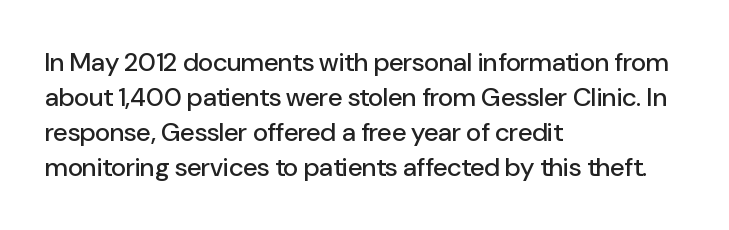
Q: Is the text italic (slanted)? A: No, it is upright.
Q: Is the text underlined? A: No.
Q: How is the paragraph aligned? A: Left-aligned.
Q: Is the spacing between letters normal or unusually wide? A: Normal.
Q: Is the spacing between lines tight, normal or loose? A: Normal.
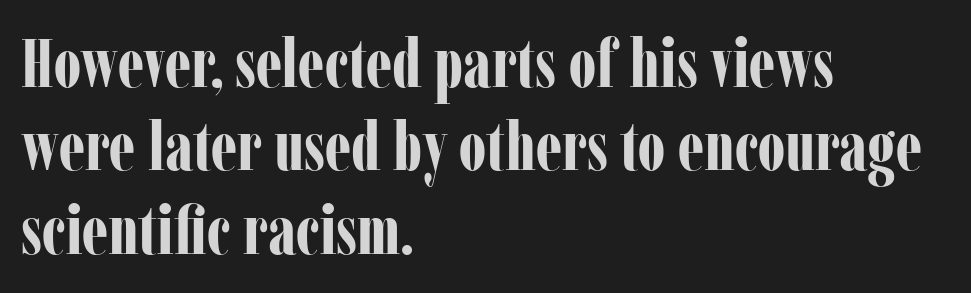
{"serif": "yes", "italic": "no", "bold": "yes", "weight": "bold", "width": "condensed", "stroke_contrast": "low", "x_height": "medium", "monospaced": "no", "underline": "no", "align": "left", "line_spacing_ratio": 1.21, "letter_spacing": "normal", "letter_spacing_em": 0.0, "glyph_px": 69}
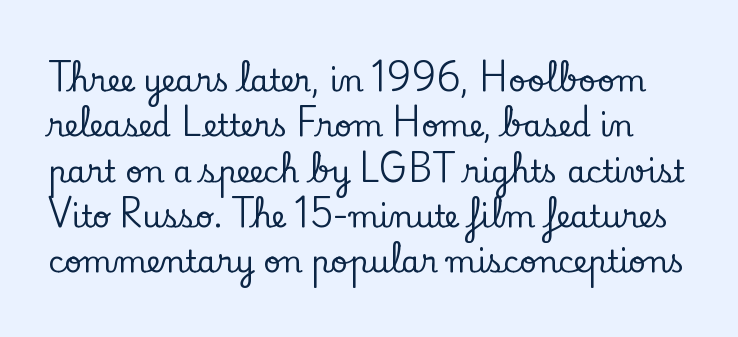
The image shows 30 px text type, upright; set normal line spacing (1.51x), normal letter spacing, not underlined; low stroke contrast and a small x-height.

* * * *

- WORK TO BE COMPLETED: How many of the lines above include the word "italic"? Only the number should be given.

- ANSWER: 2